━━━ AVAILABLE RECORDS

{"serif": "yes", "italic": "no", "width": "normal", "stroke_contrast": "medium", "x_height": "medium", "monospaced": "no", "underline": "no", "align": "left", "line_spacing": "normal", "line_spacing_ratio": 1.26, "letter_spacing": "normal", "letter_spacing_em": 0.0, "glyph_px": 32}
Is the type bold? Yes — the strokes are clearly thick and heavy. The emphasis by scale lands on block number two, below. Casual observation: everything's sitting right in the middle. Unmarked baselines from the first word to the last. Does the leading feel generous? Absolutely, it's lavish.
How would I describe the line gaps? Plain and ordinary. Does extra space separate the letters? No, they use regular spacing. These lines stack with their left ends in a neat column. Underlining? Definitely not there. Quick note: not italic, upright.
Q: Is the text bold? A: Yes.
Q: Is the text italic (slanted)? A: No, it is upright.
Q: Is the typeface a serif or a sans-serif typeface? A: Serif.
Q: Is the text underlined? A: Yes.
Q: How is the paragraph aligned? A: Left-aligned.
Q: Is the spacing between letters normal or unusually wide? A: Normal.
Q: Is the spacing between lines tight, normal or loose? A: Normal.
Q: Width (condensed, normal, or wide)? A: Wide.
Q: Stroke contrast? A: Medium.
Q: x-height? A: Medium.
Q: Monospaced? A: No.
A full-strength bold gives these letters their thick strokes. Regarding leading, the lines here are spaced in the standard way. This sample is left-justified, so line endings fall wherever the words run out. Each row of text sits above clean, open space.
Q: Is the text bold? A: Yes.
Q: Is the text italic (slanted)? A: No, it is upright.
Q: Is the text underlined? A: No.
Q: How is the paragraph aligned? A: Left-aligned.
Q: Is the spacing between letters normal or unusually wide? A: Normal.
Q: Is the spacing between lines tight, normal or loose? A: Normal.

━━━━━━

#### [EXERCISE REQUIREMENTS]
Take the line holding "Q: Width (condensed, normal, or" and the lines after it through the end of the entries. Retype them exactly and add nothing.

#### [WORKED SOLUTION]
Q: Width (condensed, normal, or wide)? A: Wide.
Q: Stroke contrast? A: Medium.
Q: x-height? A: Medium.
Q: Monospaced? A: No.
A full-strength bold gives these letters their thick strokes. Regarding leading, the lines here are spaced in the standard way. This sample is left-justified, so line endings fall wherever the words run out. Each row of text sits above clean, open space.
Q: Is the text bold? A: Yes.
Q: Is the text italic (slanted)? A: No, it is upright.
Q: Is the text underlined? A: No.
Q: How is the paragraph aligned? A: Left-aligned.
Q: Is the spacing between letters normal or unusually wide? A: Normal.
Q: Is the spacing between lines tight, normal or loose? A: Normal.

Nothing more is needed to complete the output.